WHAT IS REQUIRED:
Write out each entry once more so that it matches the original exactly.

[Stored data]
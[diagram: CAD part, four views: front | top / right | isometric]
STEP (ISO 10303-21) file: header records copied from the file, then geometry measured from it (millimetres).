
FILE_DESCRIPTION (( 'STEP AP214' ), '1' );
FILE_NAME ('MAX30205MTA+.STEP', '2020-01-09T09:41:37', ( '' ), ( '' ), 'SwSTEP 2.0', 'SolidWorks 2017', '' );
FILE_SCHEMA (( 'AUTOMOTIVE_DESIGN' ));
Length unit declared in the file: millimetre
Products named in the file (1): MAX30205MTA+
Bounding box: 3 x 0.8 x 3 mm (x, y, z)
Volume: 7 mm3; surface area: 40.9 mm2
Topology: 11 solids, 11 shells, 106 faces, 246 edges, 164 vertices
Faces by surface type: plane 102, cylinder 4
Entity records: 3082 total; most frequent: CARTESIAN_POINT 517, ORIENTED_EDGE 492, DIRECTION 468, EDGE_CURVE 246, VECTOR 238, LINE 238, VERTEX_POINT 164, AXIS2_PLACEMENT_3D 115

OUTPUT OF THE EXERCISE:
[diagram: CAD part, four views: front | top / right | isometric]
STEP (ISO 10303-21) file: header records copied from the file, then geometry measured from it (millimetres).
FILE_DESCRIPTION (( 'STEP AP214' ), '1' );
FILE_NAME ('MAX30205MTA+.STEP', '2020-01-09T09:41:37', ( '' ), ( '' ), 'SwSTEP 2.0', 'SolidWorks 2017', '' );
FILE_SCHEMA (( 'AUTOMOTIVE_DESIGN' ));
Length unit declared in the file: millimetre
Products named in the file (1): MAX30205MTA+
Bounding box: 3 x 0.8 x 3 mm (x, y, z)
Volume: 7 mm3; surface area: 40.9 mm2
Topology: 11 solids, 11 shells, 106 faces, 246 edges, 164 vertices
Faces by surface type: plane 102, cylinder 4
Entity records: 3082 total; most frequent: CARTESIAN_POINT 517, ORIENTED_EDGE 492, DIRECTION 468, EDGE_CURVE 246, VECTOR 238, LINE 238, VERTEX_POINT 164, AXIS2_PLACEMENT_3D 115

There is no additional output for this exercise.